Work order: Whenever a line below includes the word "fundus", copy that line.

Data to use:

------------------------------------------------------------------------

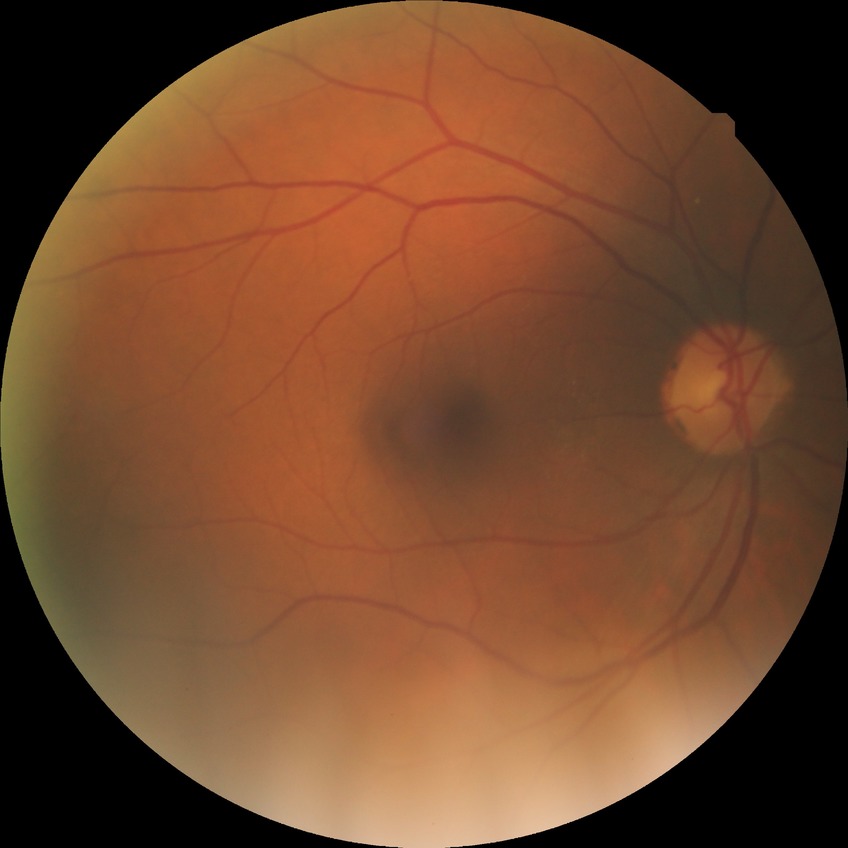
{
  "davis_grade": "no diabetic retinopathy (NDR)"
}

------------------------------------------------------------------------

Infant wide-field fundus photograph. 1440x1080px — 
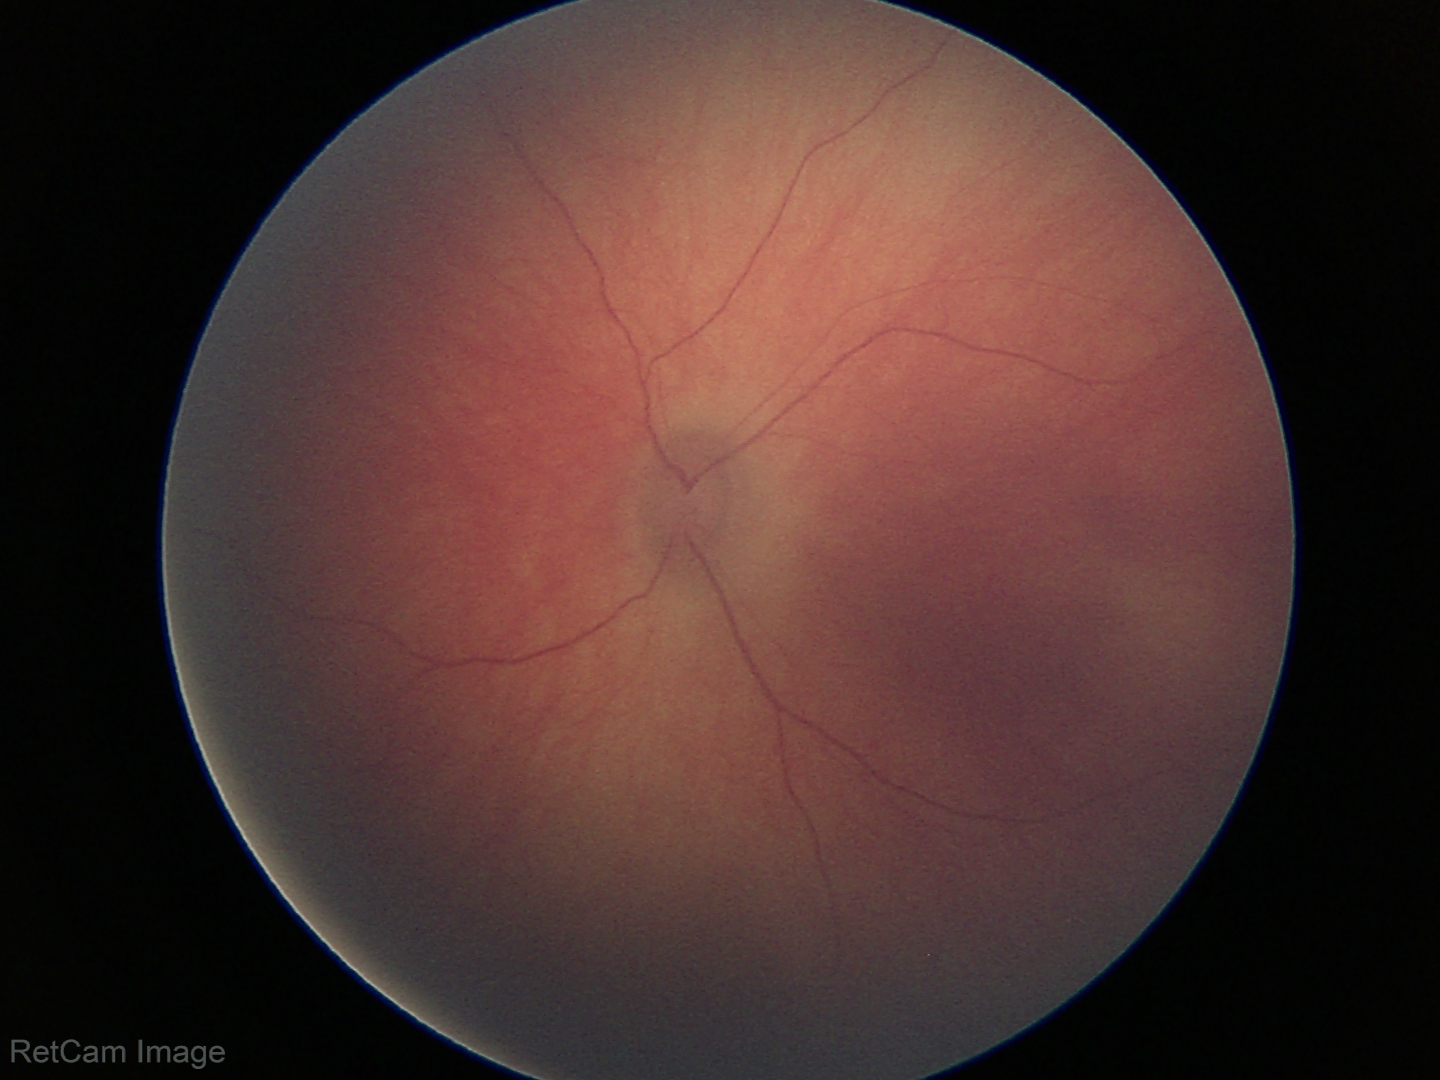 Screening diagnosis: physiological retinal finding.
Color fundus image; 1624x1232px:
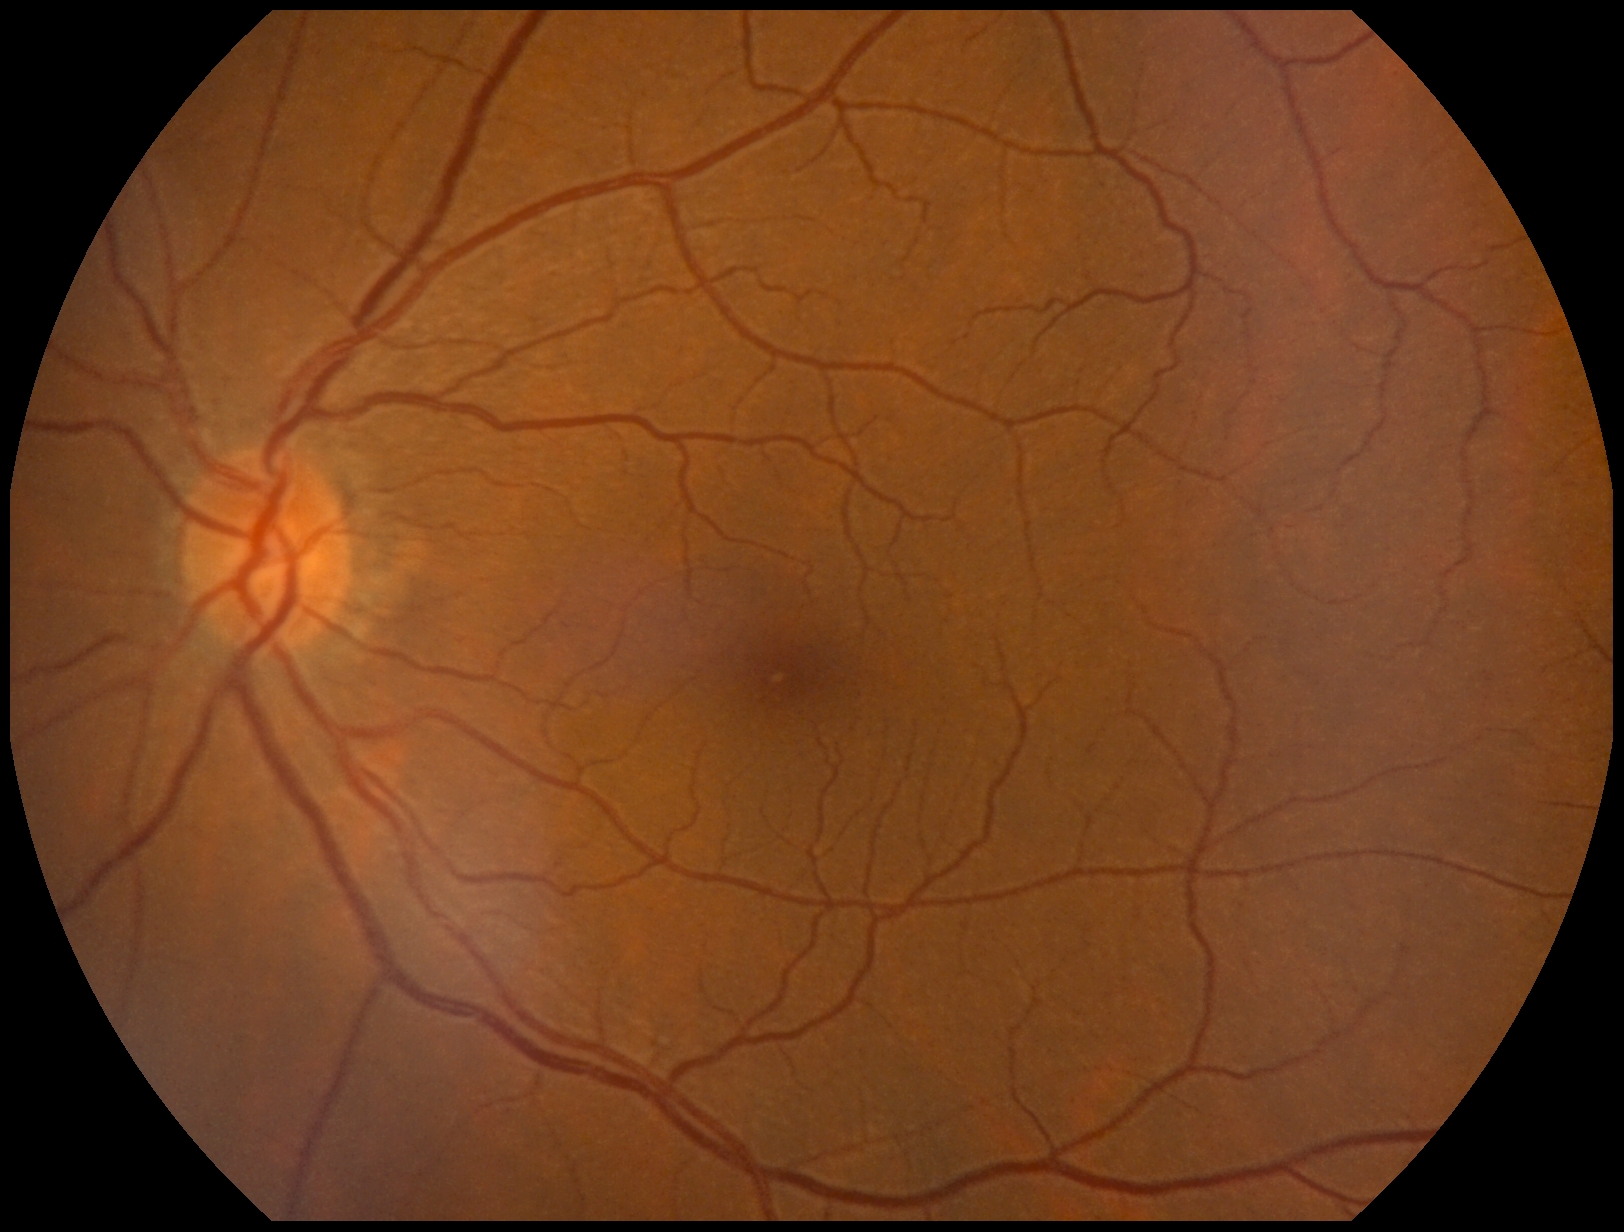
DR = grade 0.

------------------------------------------------------------------------

Solution to this task:
Infant wide-field fundus photograph. 1440x1080px — 
Color fundus image; 1624x1232px:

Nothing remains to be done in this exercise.